Records from a collection

═══

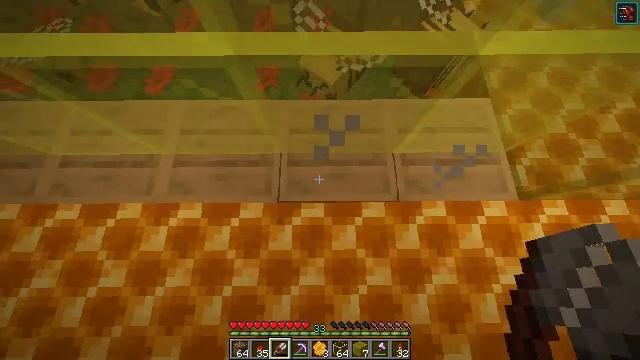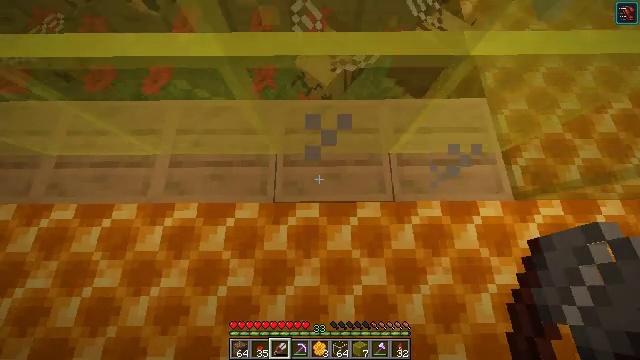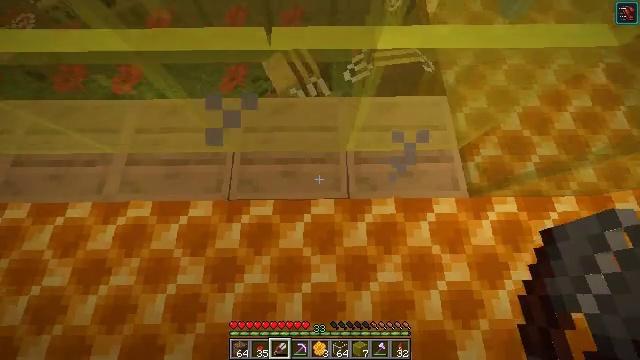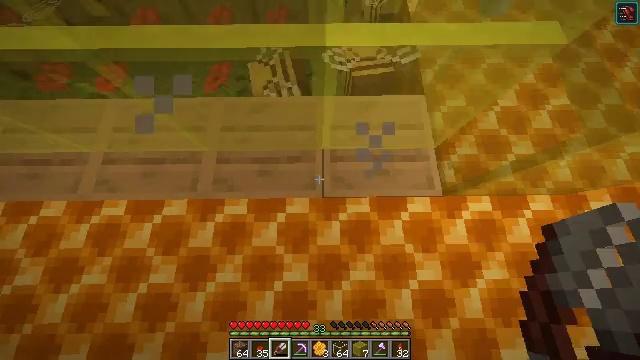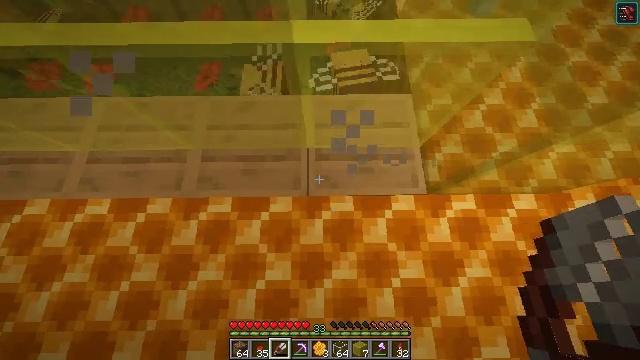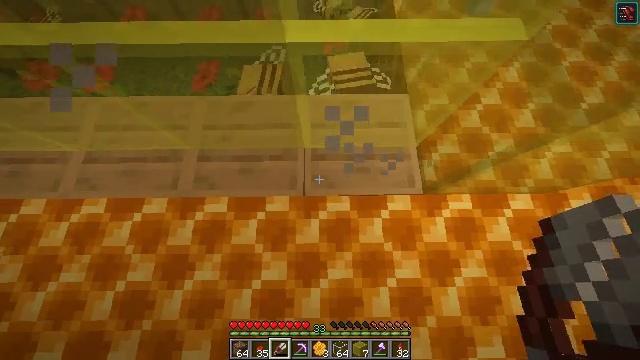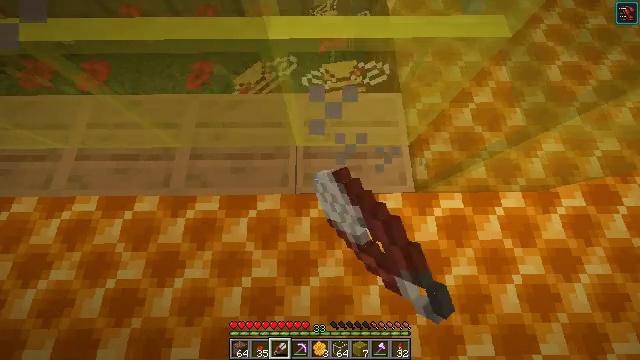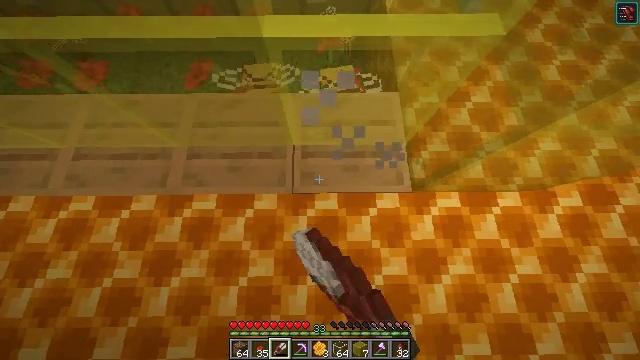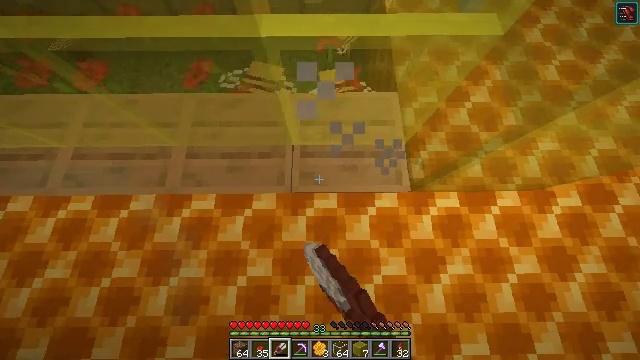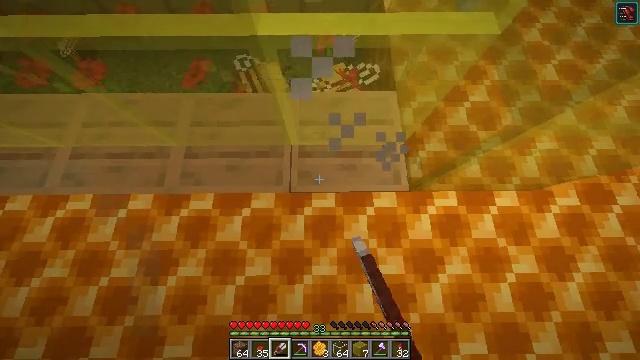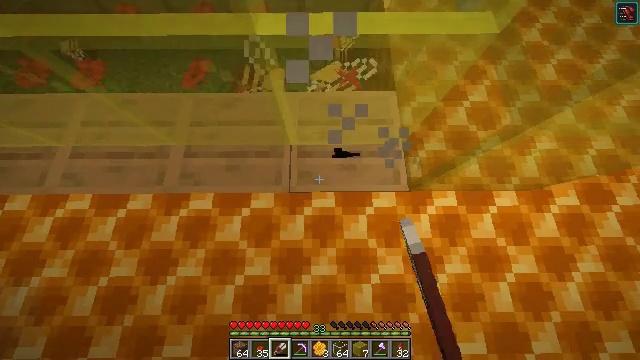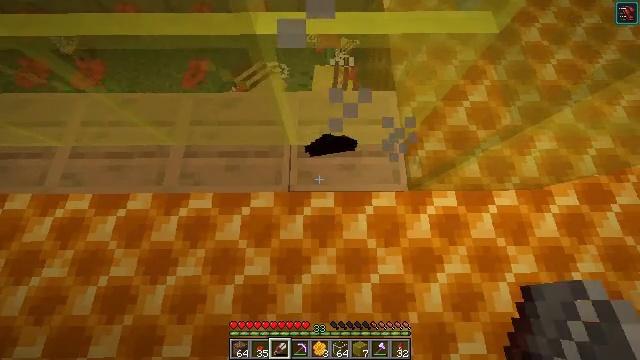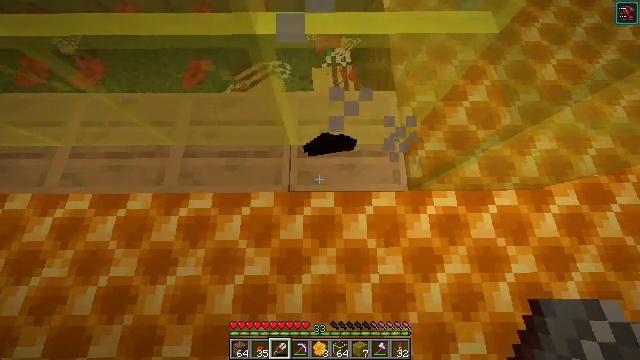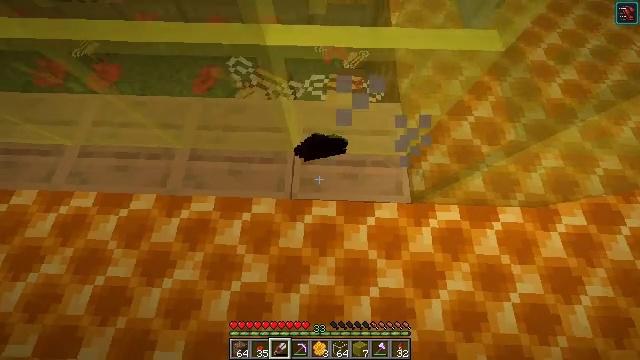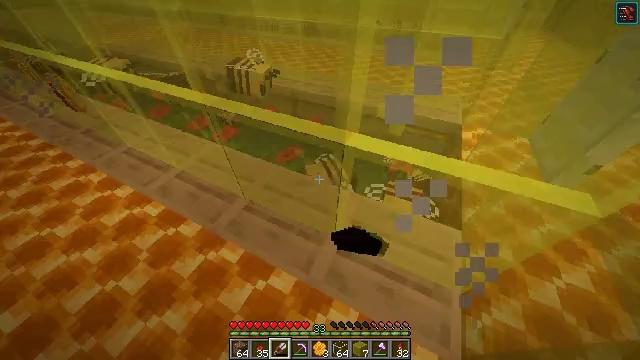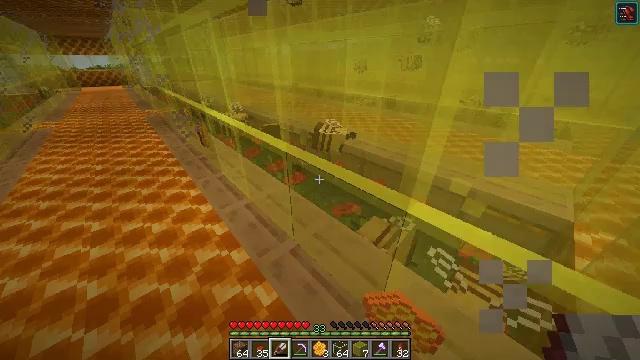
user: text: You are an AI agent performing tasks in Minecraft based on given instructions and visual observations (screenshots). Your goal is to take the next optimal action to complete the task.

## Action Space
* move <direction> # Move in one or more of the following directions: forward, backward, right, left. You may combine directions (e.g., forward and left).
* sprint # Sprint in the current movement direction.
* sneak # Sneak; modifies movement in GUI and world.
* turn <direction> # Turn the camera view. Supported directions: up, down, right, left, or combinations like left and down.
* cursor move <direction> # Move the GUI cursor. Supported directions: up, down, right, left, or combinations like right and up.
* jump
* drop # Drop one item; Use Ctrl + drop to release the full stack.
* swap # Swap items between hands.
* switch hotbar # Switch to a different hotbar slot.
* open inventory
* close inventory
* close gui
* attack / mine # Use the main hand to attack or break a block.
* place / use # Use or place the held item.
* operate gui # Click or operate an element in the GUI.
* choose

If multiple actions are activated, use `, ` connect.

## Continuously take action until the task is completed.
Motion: motion action
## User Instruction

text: Craft a honeycomb block.
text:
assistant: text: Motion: move right, use / place
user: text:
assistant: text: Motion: move right, use / place
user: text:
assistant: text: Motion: use / place
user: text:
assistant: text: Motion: use / place
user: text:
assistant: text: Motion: use / place
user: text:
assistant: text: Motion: use / place
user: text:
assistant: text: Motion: use / place
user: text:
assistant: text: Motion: use / place
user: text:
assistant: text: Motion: use / place
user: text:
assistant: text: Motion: use / place
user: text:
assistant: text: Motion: use / place
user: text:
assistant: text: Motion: no_op
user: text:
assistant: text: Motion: turn left and up
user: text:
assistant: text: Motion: turn left and up
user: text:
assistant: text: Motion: turn left and up
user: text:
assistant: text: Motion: turn left and up
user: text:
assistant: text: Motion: no_op
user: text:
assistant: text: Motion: no_op
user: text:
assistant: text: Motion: no_op
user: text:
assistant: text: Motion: no_op
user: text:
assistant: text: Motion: turn right and down
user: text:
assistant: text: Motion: turn down
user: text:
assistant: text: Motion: move forward
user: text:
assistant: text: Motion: move forward and move left
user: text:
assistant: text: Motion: move forward and move left
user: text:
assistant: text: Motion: move forward and move left
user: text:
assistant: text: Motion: move forward and move left
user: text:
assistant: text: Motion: move forward
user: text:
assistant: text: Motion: move forward and move left
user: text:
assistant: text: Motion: move forward and move left

═══

__EXERCISE__
Every line above needs to be written out again as it stands. Pictures do not belong in the copy.

__RESPONSE TO THIS TASK__
user: text: You are an AI agent performing tasks in Minecraft based on given instructions and visual observations (screenshots). Your goal is to take the next optimal action to complete the task.

## Action Space
* move <direction> # Move in one or more of the following directions: forward, backward, right, left. You may combine directions (e.g., forward and left).
* sprint # Sprint in the current movement direction.
* sneak # Sneak; modifies movement in GUI and world.
* turn <direction> # Turn the camera view. Supported directions: up, down, right, left, or combinations like left and down.
* cursor move <direction> # Move the GUI cursor. Supported directions: up, down, right, left, or combinations like right and up.
* jump
* drop # Drop one item; Use Ctrl + drop to release the full stack.
* swap # Swap items between hands.
* switch hotbar # Switch to a different hotbar slot.
* open inventory
* close inventory
* close gui
* attack / mine # Use the main hand to attack or break a block.
* place / use # Use or place the held item.
* operate gui # Click or operate an element in the GUI.
* choose

If multiple actions are activated, use `, ` connect.

## Continuously take action until the task is completed.
Motion: motion action
## User Instruction

text: Craft a honeycomb block.
text:
assistant: text: Motion: move right, use / place
user: text:
assistant: text: Motion: move right, use / place
user: text:
assistant: text: Motion: use / place
user: text:
assistant: text: Motion: use / place
user: text:
assistant: text: Motion: use / place
user: text:
assistant: text: Motion: use / place
user: text:
assistant: text: Motion: use / place
user: text:
assistant: text: Motion: use / place
user: text:
assistant: text: Motion: use / place
user: text:
assistant: text: Motion: use / place
user: text:
assistant: text: Motion: use / place
user: text:
assistant: text: Motion: no_op
user: text:
assistant: text: Motion: turn left and up
user: text:
assistant: text: Motion: turn left and up
user: text:
assistant: text: Motion: turn left and up
user: text:
assistant: text: Motion: turn left and up
user: text:
assistant: text: Motion: no_op
user: text:
assistant: text: Motion: no_op
user: text:
assistant: text: Motion: no_op
user: text:
assistant: text: Motion: no_op
user: text:
assistant: text: Motion: turn right and down
user: text:
assistant: text: Motion: turn down
user: text:
assistant: text: Motion: move forward
user: text:
assistant: text: Motion: move forward and move left
user: text:
assistant: text: Motion: move forward and move left
user: text:
assistant: text: Motion: move forward and move left
user: text:
assistant: text: Motion: move forward and move left
user: text:
assistant: text: Motion: move forward
user: text:
assistant: text: Motion: move forward and move left
user: text:
assistant: text: Motion: move forward and move left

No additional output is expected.